EXERCISE INSTRUCTIONS »
Down to the last line, print the entries below exactly, and keep every picture out of the copy.

BEGIN

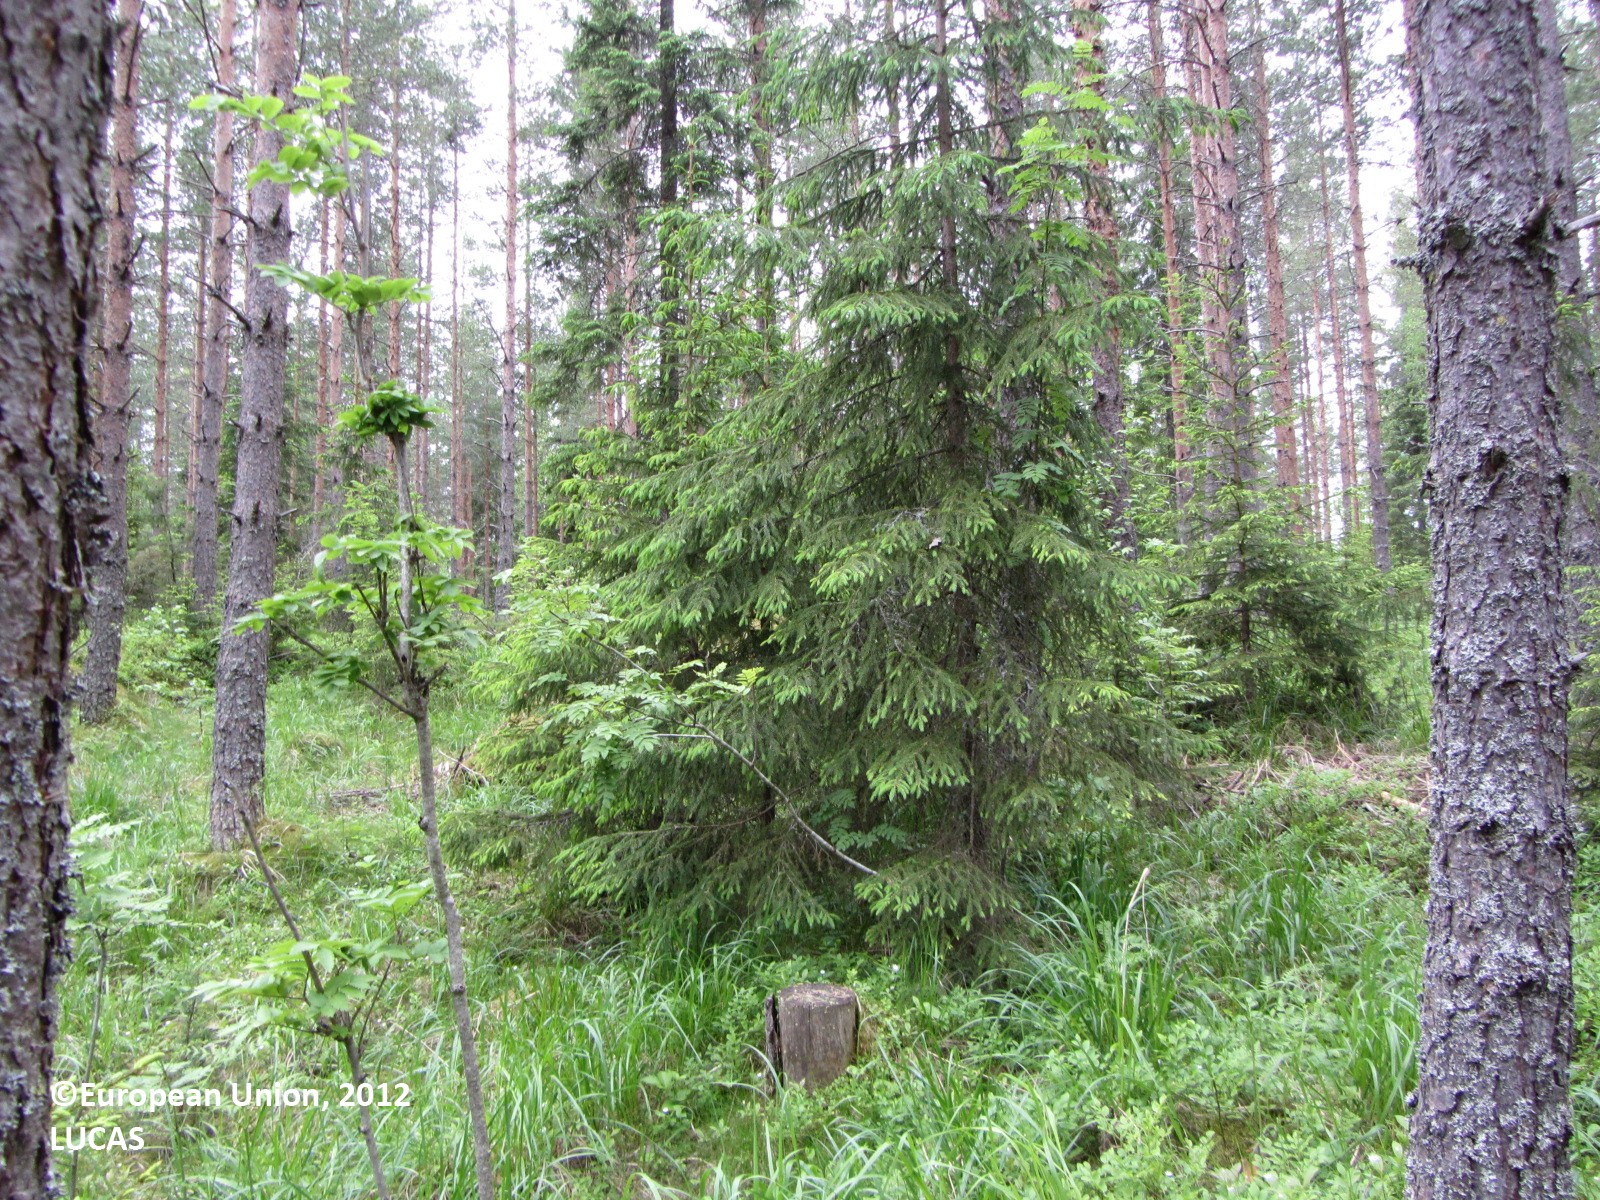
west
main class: Woodland
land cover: Other coniferous woodland
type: hemiboreal forest and nemoral coniferous forest and mixed broadleaved-coniferous forest
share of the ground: > 75 %
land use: Forestry
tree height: > 5 m
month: June
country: FI
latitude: 61.7394
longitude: 25.0460
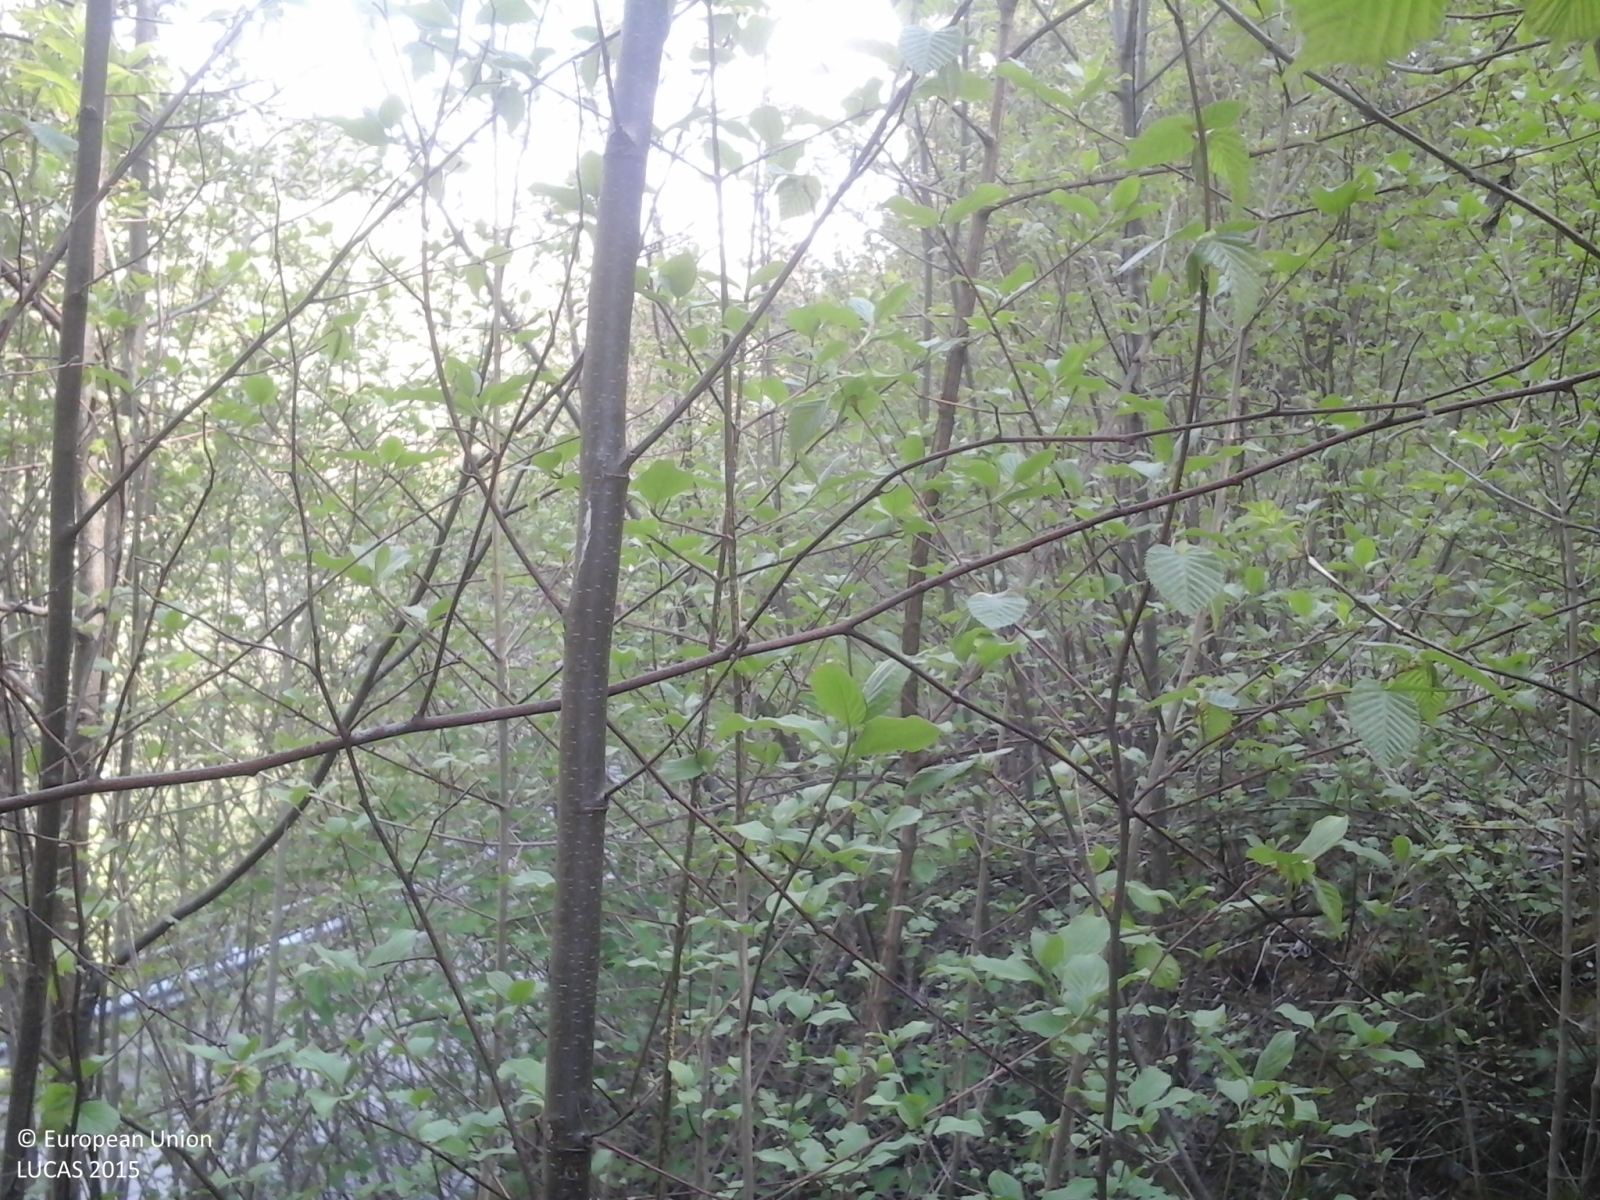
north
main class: Woodland
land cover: Broadleaved woodland
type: thermophilous deciduous forest
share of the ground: > 75 %
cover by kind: broadleaved forest trees 90 %, coniferous forest trees 10 %
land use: Forestry
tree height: > 5 m
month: April
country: IT
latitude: 46.3638
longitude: 11.0774

END

RESULT BELOW »
west
main class: Woodland
land cover: Other coniferous woodland
type: hemiboreal forest and nemoral coniferous forest and mixed broadleaved-coniferous forest
share of the ground: > 75 %
land use: Forestry
tree height: > 5 m
month: June
country: FI
latitude: 61.7394
longitude: 25.0460
north
main class: Woodland
land cover: Broadleaved woodland
type: thermophilous deciduous forest
share of the ground: > 75 %
cover by kind: broadleaved forest trees 90 %, coniferous forest trees 10 %
land use: Forestry
tree height: > 5 m
month: April
country: IT
latitude: 46.3638
longitude: 11.0774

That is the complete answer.